Migrasi Kaum Muda Bermotif Ekonomi

Ilustrasi orang muda menuju tempat rantau.

 Oleh Frans Obon

Ruteng, Flores Pos Migrasi kaum muda keluar daerah (Flores) lebih bermotif ekonomi. Hal yang sama terjadi pada migrasi tenaga kerja dari Flores yang sering kali dilakukan tanpa dokumen resmi.

Ketua Program Studi Pendidikan Bahasa dan Sastra Indonesia pada STKIP Santo Paulus Ruteng, Romo Bone Rampung, mengatakan, tekanan ekonomi sering kali menjadi alasan, termasuk kaum muda untuk bermigrasi ke luar Flores.

“Kalau kita jujur mencermati fenomena yang ada, orang muda bermigrasi ke luar daerah justru dengan alasan ekonomis. Tekanan ekonomi menjadi alasan utama bagi mereka yang meninggalkan daerah termasuk orang muda,” kata Romo Bone, Selasa (4/7).

Menurut Romo Bone, Gereja Katolik Flores coba melakukan gerakan alternatif dengan mendorong perkembangan koperasi kredit agar orang-orang Flores memiliki akses pada finansial. Dengan itu, orang Flores bisa bebas dari jeratan rentenir.

“Orang muda harus bisa memanfaatkan gerakan koperasi untuk mendapatkan modal dalam berusaha. Untuk itu, sejak dini mereka harus diperkenalkan dan dibiasakan dengan pilihan menjadi anggota koperasi, berperilaku produktif dan bukan konsumtif,” kata Romo Bone.

Orang Muda Katolik (OMK), menurut Romo Bone, dapat menjadi wadah alternatif bagi kaum muda untuk mendapatkan motivasi religius dan ekonomis.

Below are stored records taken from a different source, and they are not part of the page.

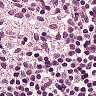
Metastatic tissue present: no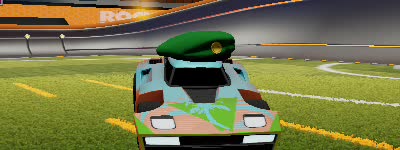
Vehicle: breakout
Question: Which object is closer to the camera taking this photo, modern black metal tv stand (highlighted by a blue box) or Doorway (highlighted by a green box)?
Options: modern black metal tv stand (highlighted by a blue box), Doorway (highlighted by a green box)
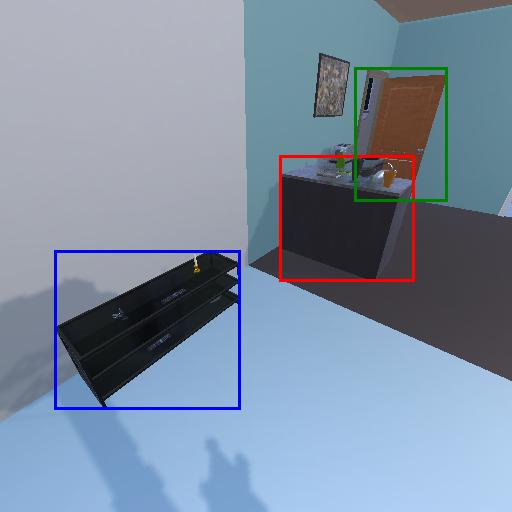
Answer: modern black metal tv stand (highlighted by a blue box)
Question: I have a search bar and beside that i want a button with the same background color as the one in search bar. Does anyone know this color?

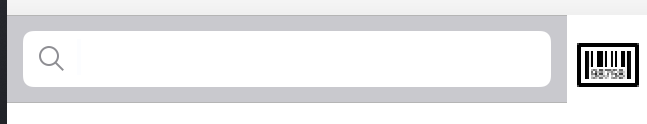
Answer: I think its #A4A4A4
Or you could try the Eyedropper tool in photoshop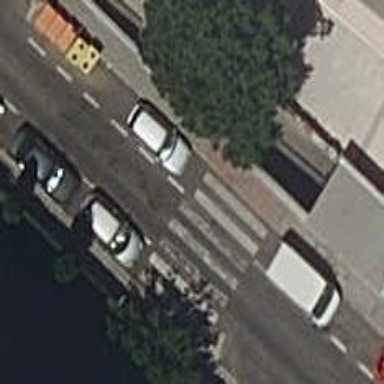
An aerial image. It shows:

“Tidak ada yang mustahil kalau kita berbicara tentang manusia, apalagi tentang orang muda. Manusia punya akal dan kehendak, tahu membedakan yang baik dan yang buruk untuk menentukan pilihan yang tepat,” kata Romo Bone.

OMK, katanya, sebagai wadah pembedayaan, mengapa tidak? Mereka toh muda yang akan memberi respons positif sejauh itu diberi motivasi, didampingi dan dilengkapi dengan contoh dan cara kerja yang bukan saja benar secara metodologis dan teknis melainkan juga baik secara moral.

Semangat rohani atau spirit kerohanian tentu saja harus dijadikan sebagai titik api pelecut semangat kaum muda dalam memanfaatkan kekuatan dirinya untuk memuliakan hidup dalam cara kerja yang baik.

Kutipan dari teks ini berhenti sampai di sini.